Faşizmin Yükselişi ve Kıbrıs’ın Geleceği-Ali Şahin

Bölünmüş Kıbrıs’ın her iki yakasında da milliyetçi hareketler uzunca bir süredir yükseliştedir. Bu durum kuzeyde ve güneyde her yönüyle aynı dinamiklere dayanmasa da benzerlikleri de barından süreçlerden geçerek yaşanıyor. Ancak her iki tarafta da kesin bir biçimde aynı olan bir şey var ki, faşizm ve milliyetçilik her geçen gün mevzilerini tahkim ederken sadece kendi örgütlerini güçlendirmekle kalmıyor, aynı zamanda tüm siyasal yelpazeyi de sağa kaydırıyorlar. Merkezdeki sağ partiler, güçlenen faşist hareketlerin yarattığı baskıyla daha da sağa kaymakta ve sağın bu iki tarafı arasındaki ayrımlar yer yer pratikte ortadan kalmaktadır. Genel olarak yaşanan bu sağa yöneliş doğal olarak Kıbrıs’ın bölünmüşlüğüyle ilgili de umutsuz bir ortam yaratıyor.
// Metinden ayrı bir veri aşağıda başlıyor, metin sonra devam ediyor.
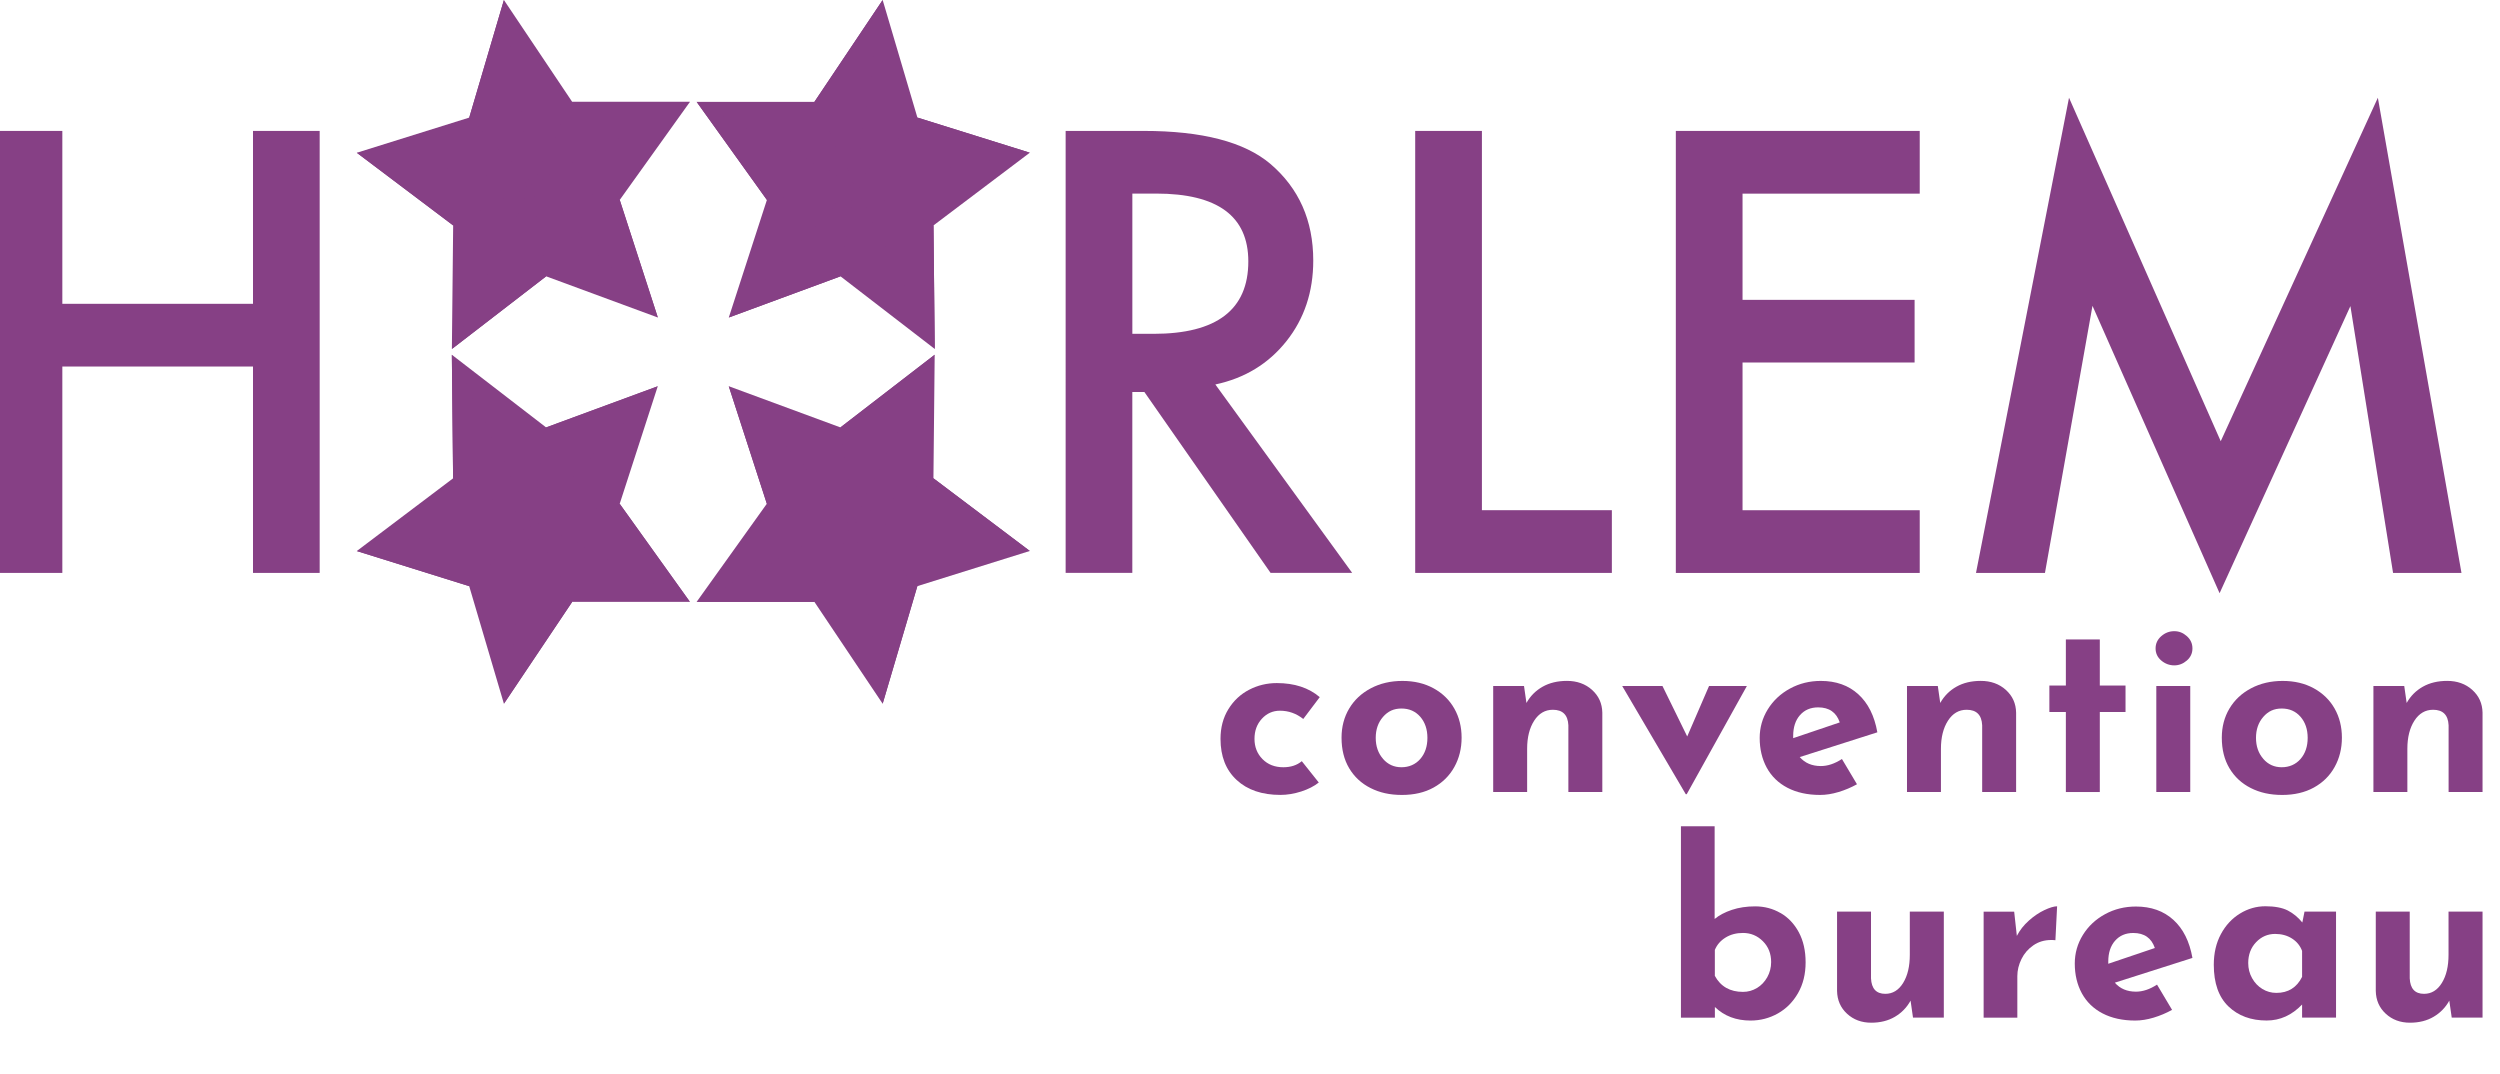 <svg xmlns="http://www.w3.org/2000/svg" xmlns:xlink="http://www.w3.org/1999/xlink" id="uuid-6d81d0d0-6bcb-4336-b423-6b5c8ee6d0c6" data-name="Laag 2" viewBox="0 0 720.27 309.35"><defs><style>      .uuid-7125cd89-0e32-4b08-a503-358d3066ce2f {        fill: none;      }      .uuid-7125cd89-0e32-4b08-a503-358d3066ce2f, .uuid-a0f20d5c-fa2e-42b9-ad13-c30204c60a56 {        stroke-width: 0px;      }      .uuid-369b0a32-14db-4aeb-a794-abe28fd7d17f {        clip-path: url(#uuid-39889a47-9f01-4c0f-90db-580ad43e9bdc);      }      .uuid-a0f20d5c-fa2e-42b9-ad13-c30204c60a56 {        fill: #864085;      }    </style><clipPath id="uuid-39889a47-9f01-4c0f-90db-580ad43e9bdc"><rect class="uuid-7125cd89-0e32-4b08-a503-358d3066ce2f" width="720.27" height="309.35"></rect></clipPath></defs><g id="uuid-af53380b-e35e-4a74-bae1-61f324b84e47" data-name="Laag 1"><g class="uuid-369b0a32-14db-4aeb-a794-abe28fd7d17f"><g><path class="uuid-a0f20d5c-fa2e-42b9-ad13-c30204c60a56" d="M350.16,110.78l39.41,54.27h-23.51l-36.36-52.12h-3.47v52.12h-19.21V37.72h22.51c16.82,0,28.98,3.16,36.46,9.48,8.25,7.04,12.37,16.33,12.37,27.87,0,9.01-2.58,16.76-7.75,23.25-5.17,6.49-11.98,10.64-20.46,12.45ZM326.25,96.18h6.1c18.2,0,27.3-6.96,27.3-20.86,0-13.03-8.85-19.55-26.56-19.55h-6.85v40.41h.01Z"></path><polygon class="uuid-a0f20d5c-fa2e-42b9-ad13-c30204c60a56" points="72.89 37.72 72.89 87.53 17.96 87.53 17.96 37.72 0 37.72 0 165.06 17.96 165.06 17.96 105.6 72.89 105.6 72.89 165.06 92.1 165.06 92.1 37.72 72.89 37.72"></polygon><polygon class="uuid-a0f20d5c-fa2e-42b9-ad13-c30204c60a56" points="426.95 37.72 426.95 146.99 464.39 146.99 464.39 165.06 407.73 165.06 407.73 37.72 426.95 37.72"></polygon><polygon class="uuid-a0f20d5c-fa2e-42b9-ad13-c30204c60a56" points="553.09 55.79 502.04 55.79 502.04 86.39 551.61 86.39 551.61 104.44 502.04 104.44 502.04 147 553.09 147 553.09 165.07 482.82 165.07 482.82 37.72 553.09 37.72 553.09 55.79"></polygon><polygon class="uuid-a0f20d5c-fa2e-42b9-ad13-c30204c60a56" points="569.3 165.06 596.1 28.16 639.81 127.12 685.08 28.16 709.17 165.06 689.46 165.06 677.17 88.19 639.48 170.91 602.86 88.11 589.17 165.06 569.3 165.06"></polygon><polygon class="uuid-a0f20d5c-fa2e-42b9-ad13-c30204c60a56" points="145.18 0 164.85 29.34 198.78 29.34 178.55 57.6 189.53 91.48 157.35 79.61 130.19 100.55 130.56 64.95 102.79 44.01 135.19 33.88 145.18 0"></polygon><polygon class="uuid-a0f20d5c-fa2e-42b9-ad13-c30204c60a56" points="153.3 53.08 130.56 64.95 102.79 44.01 153.3 53.08"></polygon><polygon class="uuid-a0f20d5c-fa2e-42b9-ad13-c30204c60a56" points="153.3 53.08 157.35 79.61 130.19 100.55 153.3 53.08"></polygon><polygon class="uuid-a0f20d5c-fa2e-42b9-ad13-c30204c60a56" points="178.55 57.6 189.53 91.48 153.3 53.08 178.55 57.6"></polygon><polygon class="uuid-a0f20d5c-fa2e-42b9-ad13-c30204c60a56" points="164.85 29.34 198.78 29.34 153.3 53.08 164.85 29.34"></polygon><polygon class="uuid-a0f20d5c-fa2e-42b9-ad13-c30204c60a56" points="145.18 0 153.3 53.08 135.19 33.88 145.18 0"></polygon><polygon class="uuid-a0f20d5c-fa2e-42b9-ad13-c30204c60a56" points="254.3 0 264.31 33.87 296.7 43.99 268.95 64.94 269.31 100.54 242.15 79.61 209.97 91.48 220.95 57.6 200.7 29.34 234.64 29.34 254.3 0"></polygon><polygon class="uuid-a0f20d5c-fa2e-42b9-ad13-c30204c60a56" points="246.19 53.08 220.95 57.6 200.7 29.34 246.19 53.08"></polygon><polygon class="uuid-a0f20d5c-fa2e-42b9-ad13-c30204c60a56" points="246.19 53.08 242.15 79.61 209.97 91.48 246.19 53.08"></polygon><polygon class="uuid-a0f20d5c-fa2e-42b9-ad13-c30204c60a56" points="268.95 64.94 269.31 100.54 246.19 53.08 268.95 64.94"></polygon><polygon class="uuid-a0f20d5c-fa2e-42b9-ad13-c30204c60a56" points="264.31 33.87 296.7 43.99 246.19 53.08 264.31 33.87"></polygon><polygon class="uuid-a0f20d5c-fa2e-42b9-ad13-c30204c60a56" points="254.3 0 246.19 53.08 234.64 29.34 254.3 0"></polygon><polygon class="uuid-a0f20d5c-fa2e-42b9-ad13-c30204c60a56" points="254.3 202.75 234.64 173.41 200.7 173.41 220.93 145.13 209.96 111.27 242.13 123.14 269.29 102.2 268.93 137.8 296.7 158.74 264.3 168.87 254.3 202.75"></polygon><polygon class="uuid-a0f20d5c-fa2e-42b9-ad13-c30204c60a56" points="246.19 149.67 268.93 137.8 296.7 158.74 246.19 149.67"></polygon><polygon class="uuid-a0f20d5c-fa2e-42b9-ad13-c30204c60a56" points="246.19 149.67 242.13 123.14 269.29 102.2 246.19 149.67"></polygon><polygon class="uuid-a0f20d5c-fa2e-42b9-ad13-c30204c60a56" points="220.93 145.13 209.96 111.27 246.19 149.67 220.93 145.13"></polygon><polygon class="uuid-a0f20d5c-fa2e-42b9-ad13-c30204c60a56" points="234.64 173.41 200.7 173.41 246.19 149.67 234.64 173.41"></polygon><polygon class="uuid-a0f20d5c-fa2e-42b9-ad13-c30204c60a56" points="254.3 202.75 246.19 149.67 264.3 168.87 254.3 202.75"></polygon><polygon class="uuid-a0f20d5c-fa2e-42b9-ad13-c30204c60a56" points="145.18 202.75 135.18 168.88 102.79 158.76 130.54 137.81 130.18 102.21 157.34 123.14 189.51 111.28 178.54 145.15 198.78 173.41 164.85 173.41 145.18 202.75"></polygon><polygon class="uuid-a0f20d5c-fa2e-42b9-ad13-c30204c60a56" points="153.3 149.67 178.54 145.15 198.78 173.41 153.3 149.67"></polygon><polygon class="uuid-a0f20d5c-fa2e-42b9-ad13-c30204c60a56" points="153.3 149.67 157.34 123.14 189.51 111.28 153.3 149.67"></polygon><polygon class="uuid-a0f20d5c-fa2e-42b9-ad13-c30204c60a56" points="130.54 137.81 130.18 102.21 153.3 149.67 130.54 137.81"></polygon><polygon class="uuid-a0f20d5c-fa2e-42b9-ad13-c30204c60a56" points="135.18 168.88 102.79 158.76 153.3 149.67 135.18 168.88"></polygon><polygon class="uuid-a0f20d5c-fa2e-42b9-ad13-c30204c60a56" points="145.18 202.75 153.3 149.67 164.85 173.41 145.18 202.75"></polygon></g><g><path class="uuid-a0f20d5c-fa2e-42b9-ad13-c30204c60a56" d="M374.88,228.04c-2.03.65-4.02.98-5.98.98-5.31,0-9.52-1.43-12.61-4.3-3.1-2.87-4.65-6.81-4.65-11.85,0-3.26.76-6.11,2.27-8.56,1.51-2.45,3.51-4.31,5.98-5.59,2.47-1.28,5.12-1.92,7.97-1.92,5.08,0,9.2,1.35,12.37,4.05l-4.75,6.29c-2-1.58-4.24-2.38-6.71-2.38-2.05,0-3.79.77-5.21,2.31-1.42,1.54-2.13,3.47-2.13,5.8s.77,4.28,2.31,5.84c1.54,1.56,3.54,2.34,6.01,2.34,2.14,0,3.91-.58,5.31-1.75l4.89,6.15c-1.35,1.07-3.04,1.93-5.07,2.59Z"></path><path class="uuid-a0f20d5c-fa2e-42b9-ad13-c30204c60a56" d="M388.71,204.14c1.47-2.47,3.54-4.41,6.22-5.83,2.68-1.42,5.72-2.13,9.12-2.13s6.39.71,8.98,2.13c2.59,1.42,4.58,3.37,5.97,5.83,1.4,2.47,2.1,5.27,2.1,8.39s-.7,5.94-2.1,8.46c-1.4,2.52-3.39,4.48-5.97,5.91s-5.62,2.13-9.12,2.13-6.42-.66-9.05-1.99c-2.63-1.33-4.68-3.23-6.15-5.7-1.47-2.47-2.2-5.4-2.2-8.81,0-3.12.73-5.92,2.2-8.39ZM398.46,218.64c1.4,1.61,3.17,2.41,5.31,2.41s4.04-.79,5.42-2.38c1.37-1.58,2.06-3.61,2.06-6.08s-.69-4.5-2.06-6.08c-1.38-1.58-3.18-2.38-5.42-2.38s-3.91.8-5.31,2.41c-1.4,1.61-2.1,3.62-2.1,6.04s.7,4.44,2.1,6.04Z"></path><path class="uuid-a0f20d5c-fa2e-42b9-ad13-c30204c60a56" d="M458.67,198.76c1.93,1.72,2.92,3.91,2.97,6.57v22.85h-9.78v-19.22c-.14-2.98-1.63-4.47-4.47-4.47-2.24,0-4.03,1.05-5.38,3.14s-2.03,4.8-2.03,8.11v12.44h-9.78v-30.54h8.88l.7,4.89c1.12-2,2.67-3.56,4.65-4.68,1.98-1.12,4.32-1.68,7.02-1.68,2.89,0,5.3.86,7.23,2.59Z"></path><path class="uuid-a0f20d5c-fa2e-42b9-ad13-c30204c60a56" d="M503.29,197.64l-17.33,31.17h-.28l-18.31-31.17h11.6l7.13,14.54,6.29-14.54h10.9Z"></path><path class="uuid-a0f20d5c-fa2e-42b9-ad13-c30204c60a56" d="M530.68,218.68l4.33,7.27c-1.68.93-3.45,1.68-5.31,2.24-1.86.56-3.63.84-5.31.84-3.63,0-6.77-.69-9.4-2.06-2.63-1.37-4.62-3.31-5.98-5.8-1.35-2.49-2.03-5.35-2.03-8.56,0-2.98.78-5.73,2.34-8.25,1.56-2.52,3.69-4.51,6.39-5.98,2.7-1.47,5.66-2.2,8.88-2.2,4.38,0,7.98,1.28,10.8,3.84,2.82,2.56,4.65,6.22,5.49,10.97l-22.36,7.13c1.49,1.72,3.52,2.59,6.08,2.59,1.96,0,3.98-.67,6.08-2.03ZM518.59,206.03c-1.31,1.49-1.96,3.49-1.96,6.01v.63l13.42-4.54c-.98-2.89-3.05-4.33-6.22-4.33-2.19,0-3.94.75-5.24,2.24Z"></path><path class="uuid-a0f20d5c-fa2e-42b9-ad13-c30204c60a56" d="M577.89,198.76c1.93,1.72,2.92,3.91,2.97,6.57v22.85h-9.78v-19.22c-.14-2.98-1.63-4.47-4.47-4.47-2.24,0-4.03,1.05-5.38,3.14s-2.03,4.8-2.03,8.11v12.44h-9.78v-30.54h8.88l.7,4.89c1.12-2,2.67-3.56,4.65-4.68,1.98-1.12,4.32-1.68,7.02-1.68,2.89,0,5.3.86,7.23,2.59Z"></path><path class="uuid-a0f20d5c-fa2e-42b9-ad13-c30204c60a56" d="M604.97,184.23v13.28h7.41v7.62h-7.41v23.06h-9.78v-23.06h-4.75v-7.62h4.75v-13.28h9.78Z"></path><path class="uuid-a0f20d5c-fa2e-42b9-ad13-c30204c60a56" d="M622.68,183.28c1.09-.95,2.34-1.43,3.74-1.43s2.56.48,3.63,1.43c1.07.96,1.61,2.13,1.61,3.53s-.54,2.56-1.61,3.49c-1.07.93-2.28,1.4-3.63,1.4s-2.64-.46-3.74-1.4c-1.1-.93-1.64-2.1-1.64-3.49s.55-2.57,1.64-3.53ZM631.03,197.64v30.54h-9.78v-30.54h9.78Z"></path><path class="uuid-a0f20d5c-fa2e-42b9-ad13-c30204c60a56" d="M642.32,204.14c1.47-2.47,3.54-4.41,6.22-5.83,2.68-1.42,5.72-2.13,9.12-2.13s6.39.71,8.98,2.13c2.59,1.42,4.58,3.37,5.98,5.83,1.4,2.47,2.1,5.27,2.1,8.39s-.7,5.94-2.1,8.46c-1.4,2.52-3.39,4.48-5.98,5.91-2.58,1.42-5.63,2.13-9.12,2.13s-6.42-.66-9.05-1.99c-2.63-1.33-4.68-3.23-6.15-5.7-1.47-2.47-2.2-5.4-2.2-8.81,0-3.12.73-5.92,2.2-8.39ZM652.07,218.64c1.4,1.61,3.17,2.41,5.31,2.41s4.04-.79,5.42-2.38c1.37-1.58,2.06-3.61,2.06-6.08s-.69-4.5-2.06-6.08c-1.38-1.58-3.18-2.38-5.42-2.38s-3.91.8-5.31,2.41c-1.4,1.61-2.1,3.62-2.1,6.04s.7,4.44,2.1,6.04Z"></path><path class="uuid-a0f20d5c-fa2e-42b9-ad13-c30204c60a56" d="M712.27,198.76c1.93,1.72,2.92,3.91,2.97,6.57v22.85h-9.78v-19.22c-.14-2.98-1.63-4.47-4.47-4.47-2.24,0-4.03,1.05-5.38,3.14s-2.03,4.8-2.03,8.11v12.44h-9.78v-30.54h8.88l.7,4.89c1.12-2,2.67-3.56,4.65-4.68,1.98-1.12,4.32-1.68,7.02-1.68,2.89,0,5.3.86,7.23,2.59Z"></path><path class="uuid-a0f20d5c-fa2e-42b9-ad13-c30204c60a56" d="M512.97,263.03c2.21,1.28,3.97,3.13,5.28,5.56,1.3,2.42,1.96,5.31,1.96,8.67s-.72,6.3-2.17,8.84c-1.45,2.54-3.38,4.5-5.8,5.87-2.42,1.37-5.06,2.06-7.9,2.06-4.15,0-7.57-1.3-10.27-3.91v3.08h-9.78v-55.14h9.71v26.7c1.3-1.07,2.96-1.95,4.96-2.62,2-.67,4.24-1.01,6.71-1.01,2.66,0,5.09.64,7.3,1.92ZM506.19,284.66c1.23-.75,2.22-1.78,2.97-3.11.74-1.33,1.12-2.78,1.12-4.37,0-2.42-.79-4.43-2.38-6.01-1.58-1.58-3.49-2.38-5.73-2.38-1.91,0-3.59.44-5.03,1.33-1.44.89-2.47,2.07-3.08,3.56v7.48c1.68,3.07,4.38,4.61,8.11,4.61,1.44,0,2.78-.37,4.02-1.12Z"></path><path class="uuid-a0f20d5c-fa2e-42b9-ad13-c30204c60a56" d="M560.03,262.64v30.54h-8.88l-.7-4.89c-1.07,1.96-2.58,3.51-4.51,4.65-1.93,1.14-4.21,1.71-6.81,1.71-2.79,0-5.12-.86-6.99-2.59s-2.82-3.91-2.87-6.57v-22.85h9.78v19.22c.14,2.98,1.51,4.47,4.12,4.47,2.14,0,3.85-1.05,5.14-3.14s1.92-4.8,1.92-8.11v-12.44h9.78Z"></path><path class="uuid-a0f20d5c-fa2e-42b9-ad13-c30204c60a56" d="M584.53,265.23c1.47-1.3,2.97-2.32,4.51-3.04,1.54-.72,2.75-1.08,3.63-1.08l-.49,9.78c-.28-.05-.68-.07-1.19-.07-1.96,0-3.68.51-5.17,1.54-1.49,1.03-2.63,2.34-3.42,3.95-.79,1.61-1.19,3.25-1.19,4.93v11.95h-9.71v-30.54h8.8l.77,6.99c.84-1.63,1.99-3.1,3.46-4.4Z"></path><path class="uuid-a0f20d5c-fa2e-42b9-ad13-c30204c60a56" d="M621.46,283.68l4.33,7.27c-1.68.93-3.45,1.68-5.31,2.24-1.86.56-3.63.84-5.31.84-3.63,0-6.77-.69-9.4-2.06-2.63-1.37-4.62-3.31-5.98-5.8-1.35-2.49-2.03-5.35-2.03-8.56,0-2.98.78-5.73,2.34-8.25,1.56-2.52,3.69-4.51,6.39-5.98,2.7-1.47,5.66-2.2,8.88-2.2,4.38,0,7.98,1.28,10.8,3.84,2.82,2.56,4.65,6.22,5.49,10.97l-22.36,7.13c1.49,1.72,3.52,2.59,6.08,2.59,1.96,0,3.98-.67,6.08-2.03ZM609.37,271.03c-1.31,1.49-1.96,3.49-1.96,6.01v.63l13.42-4.54c-.98-2.89-3.05-4.33-6.22-4.33-2.19,0-3.94.75-5.24,2.24Z"></path><path class="uuid-a0f20d5c-fa2e-42b9-ad13-c30204c60a56" d="M673.03,262.64v30.54h-9.78v-3.77c-2.94,3.07-6.34,4.61-10.2,4.61-4.52,0-8.19-1.35-11.01-4.05-2.82-2.7-4.23-6.71-4.23-12.02,0-3.35.69-6.3,2.06-8.84,1.37-2.54,3.2-4.51,5.49-5.91,2.28-1.4,4.73-2.1,7.34-2.1s4.85.41,6.43,1.22c1.58.82,2.98,1.97,4.19,3.46l.63-3.14h9.08ZM663.25,281.44v-7.48c-.56-1.49-1.53-2.68-2.9-3.56-1.38-.88-2.99-1.33-4.86-1.33-2.14,0-3.97.79-5.49,2.38-1.51,1.58-2.27,3.59-2.27,6.01,0,1.58.37,3.04,1.12,4.37.75,1.33,1.74,2.37,2.97,3.11,1.23.75,2.57,1.12,4.02,1.12,3.4,0,5.87-1.54,7.41-4.61Z"></path><path class="uuid-a0f20d5c-fa2e-42b9-ad13-c30204c60a56" d="M715.24,262.64v30.54h-8.88l-.7-4.89c-1.07,1.96-2.58,3.51-4.51,4.65-1.93,1.14-4.21,1.71-6.81,1.71-2.79,0-5.12-.86-6.99-2.59s-2.82-3.91-2.87-6.57v-22.85h9.78v19.22c.14,2.98,1.51,4.47,4.12,4.47,2.14,0,3.85-1.05,5.14-3.14s1.92-4.8,1.92-8.11v-12.44h9.78Z"></path></g></g></g></svg>

Ancak milliyetçi yükselişin etkileri sadece Kıbrıs sorunuyla sınırlı değildir. Büyüyen faşist hareketler, halkın yaşadığı gündelik sorunlardan Kıbrıs sorunu gibi çok boyutlu meselelere kadar siyasal mücadelenin alanına giren her konuyu sağ ideolojiyle ele alan anlayışı güçlendiriyor. Kısaca, işsizlik de Kıbrıs sorunu da sağ zihniyetin sığlığına sıkışıyor. Dolayısıyla faşizmin Kıbrıs sorununa da olan olumsuz etkisini aslında yaşamın tüm alanlarında da görebiliriz. Bu sebeple çözümünü de tüm alanlarda aramalıyız. Ancak konunun bu boyutunu ayrıntılı ele almadan Kıbrıs’taki faşist hareketlerin etnik gerilimleri nasıl kaşıyıp büyüttüğüne ve buna paralel Kıbrıs sorununu nasıl derinleştirdiğine kısaca bir bakalım. Çünkü maalesef Kıbrıs tarihi, milliyetçiliğin halklara ve onların ortak mücadelesine zarar veren sayısız örnek barındırmaktadır.

Dünden…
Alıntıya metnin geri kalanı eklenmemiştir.